When the moon's a hook, a witchboat, a sickle
when the last of the wheat stands brown in the ground
while Orion runs after Hecate the fickle
above the dwindling lights of a dying town,
the Dove does her dance to a penny whistle
and a dead woman calls her child with that sound.
The next fall, when Doll's carnival topped the ridge
it rolled without stopping past Dead Woman's bridge.



 ~September 2014



~*~



Process notes: The bare bones of this story are true, if extremely conflicting, anecdotal and incomplete. Katie De Witt James was a schoolteacher seen boarding a train in Custer City, Oklahoma Territory, with her fourteen month old daughter in July of 1905. She had just filed for divorce from her husband Martin James on grounds of cruelty, and was supposedly going to stay with relatives in the small town of Ripley, about a hundred and twenty miles away. She never arrived.

Instead, she left the train in Clinton, a town only about fifteen miles further on, with a reputed prostitute named Fannie Norton, who also went by the sobriquet of 'Mrs. Ham' (which I decided to use in a wordplay on the frontier practice of referring to a brothel as a 'hog ranch.') Katie spent the night with Fannie at Fannie's brother-in-law's house, and the following day the two women and child rode out in a rented buggy to the countryside near Weatherford, the location of the creek and bridge in the poem, saying they would be back in a few hours. Fannie returned, after dropping off a baby in blood-stained clothes with a passing farm boy, but Katie never did.

After not hearing from his daughter for some weeks, Katie's father hired a detective to find out what happened to her. He traced her movements, and finally tracked Fannie down in Shawnee, where  Fannie vehemently denied killing Katie, saying Katie had 'met a man' then dissolving into incoherent tears. Later that night, Fannie took poison, killing herself. The divorce never went through, and Katie's husband, fitted up with an unbreakable alibi, and with suspicion diverted to Fannie, filed for custody of their daughter, inherited Katie's estate, which he subsequently sold, and left the Territory.
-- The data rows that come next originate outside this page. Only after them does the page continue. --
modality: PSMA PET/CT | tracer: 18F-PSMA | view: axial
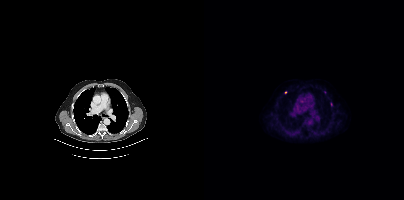
Coordinates are on the 200×200 PET (right) panel. Small PSMA-avid focus (2 to 4 px across) near (center x, center y): (81, 92).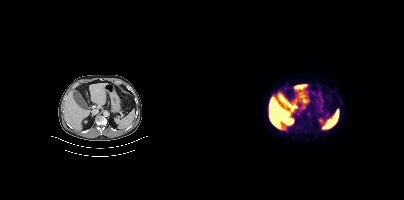
This slice has no annotated PSMA-avid lesion.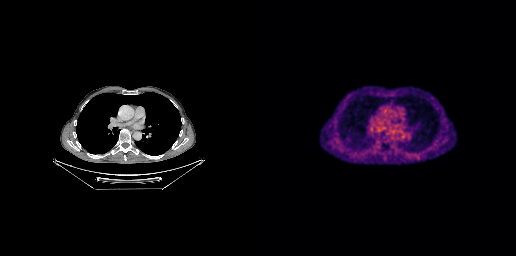
Technique: Two-panel axial: CT | PSMA PET, [18F]PSMA-1007 tracer. slice 176 of 263. PET panel 256×256 px (2.7 mm/px).
Findings: No PSMA-avid tumor lesions on this slice.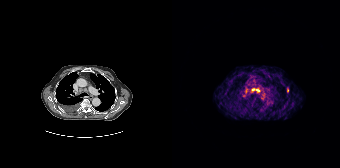
Technique: Left: CT. Right: PSMA PET, same axial level, 68Ga-PSMA tracer. slice 151 of 195.
Findings: Coordinates are on the 168×168 PET (right) panel. PSMA-avid tumor lesion bounding boxes (x0,y0,x1,y1): [79,88,88,92]; [115,87,117,92].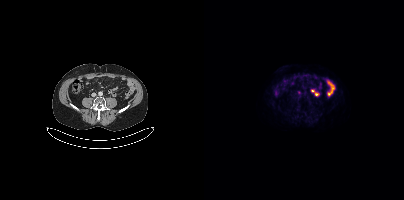
{"pet_grid":[200,200],"coord_frame":"pet_panel","coord_format":"x0,y0,x1,y1","lesion_bboxes":[],"small_foci_centers":[[95,92]],"modality":"PSMA PET/CT","view":"axial","tracer":"18F"}
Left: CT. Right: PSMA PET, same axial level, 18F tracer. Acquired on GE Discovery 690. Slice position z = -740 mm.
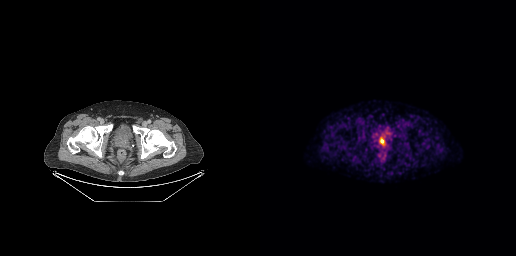
Only PSMA-avid lesion pieces thinner than 2 px on this slice (not listed).
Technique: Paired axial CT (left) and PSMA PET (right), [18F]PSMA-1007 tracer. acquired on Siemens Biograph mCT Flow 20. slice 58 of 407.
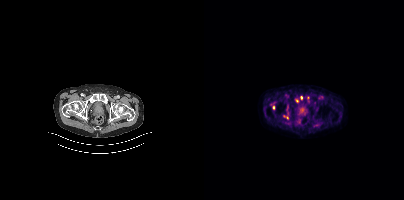
Findings: Coordinates are on the 200×200 PET (right) panel. (showing 3 of 4 foci) Small PSMA-avid foci (2 to 4 px across) near (center x, center y): (93, 101), (97, 97), (69, 107).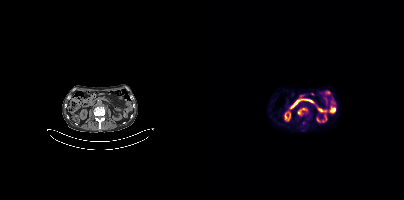
{"modality":"PSMA PET/CT","view":"axial","tracer":"[18F]PSMA-1007","pet_grid":[200,200],"coord_frame":"pet_panel","coord_format":"x0,y0,x1,y1","partial":true,"lesion_bboxes":[[94,108,103,114]]}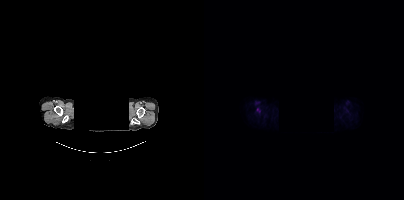
Only PSMA-avid lesion pieces thinner than 2 px on this slice (not listed).
modality: PSMA PET/CT | tracer: 18F-PSMA | view: axial | de-identification: privacy mask over head
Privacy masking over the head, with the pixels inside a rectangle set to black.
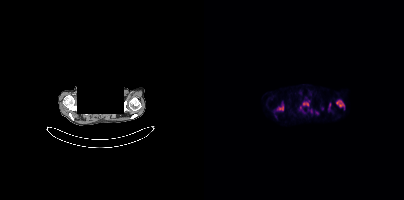
Coordinates are on the 200×200 PET (right) panel. PSMA-avid tumor lesion bounding boxes (x0,y0,x1,y1): [132,100,140,107], [73,105,79,110], [99,102,104,105], [124,103,126,109]. Small PSMA-avid foci (2 to 4 px across) near (center x, center y): (113, 113), (96, 108).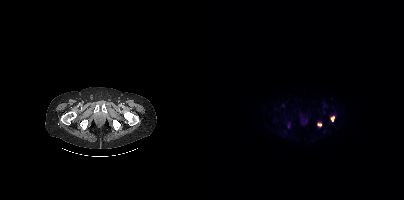
Coordinates are on the 200×200 PET (right) panel. PSMA-avid tumor lesion bounding boxes:
| # | x0 | y0 | x1 | y1 |
|---|---|---|---|---|
| 1 | 126 | 116 | 130 | 121 |
| 2 | 113 | 123 | 117 | 126 |
Left: CT. Right: PSMA PET, same axial level, 18F-PSMA tracer.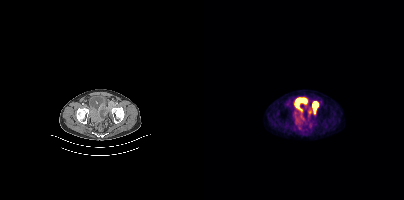
{"modality":"PSMA PET/CT","view":"axial","tracer":"18F-PSMA","pet_grid":[200,200],"coord_frame":"pet_panel","coord_format":"x0,y0,x1,y1","lesion_bboxes":[[108,102,114,112]]}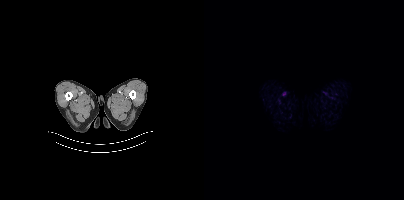
Technique: Paired axial CT (left) and PSMA PET (right), 18F tracer. acquired on Siemens Biograph mCT Flow 20.
Findings: No tumor lesions annotated on this slice.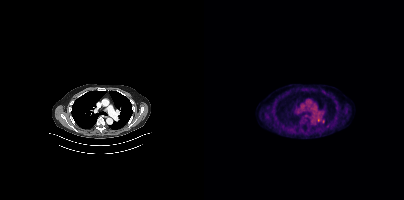
{"modality":"PSMA PET/CT","view":"axial","tracer":"18F","pet_grid":[200,200],"coord_frame":"pet_panel","coord_format":"x0,y0,x1,y1","lesion_bboxes":[],"small_foci_centers":[[114,119],[123,126]]}

After Katie's body was found at the end of August  by two men fishing along the creek, with a bullet through her skull, her head severed from her body and a 'five dollar gold ring' on her hand, the tales began. The ghost of Katie is said to haunt the bridge and creek, calling for her daughter, and the sound of buggy wheels on wooden boards is often reported there, despite the old wooden bridge being washed out and replaced with a concrete one in 1980.

I totally made up the part about the two women meeting at a carnival in September and falling in love, though I think it explains some of the baffling aspects of this story, like why Katie might have left the train long before her planned destination with a supposed stranger, and a prostitute at that. Logic leads one to think  Katie may have been killed by someone who stood to lose everything if she lived, but benefited greatly by her death, someone who might easily have followed her, then later cobbled together an alibi. Her husband. But that is something only Katie and Fannie would know.

Regardless, the carnival doesn't stop there any more, toads. Thanks for bearing with me, and with this long, long September story.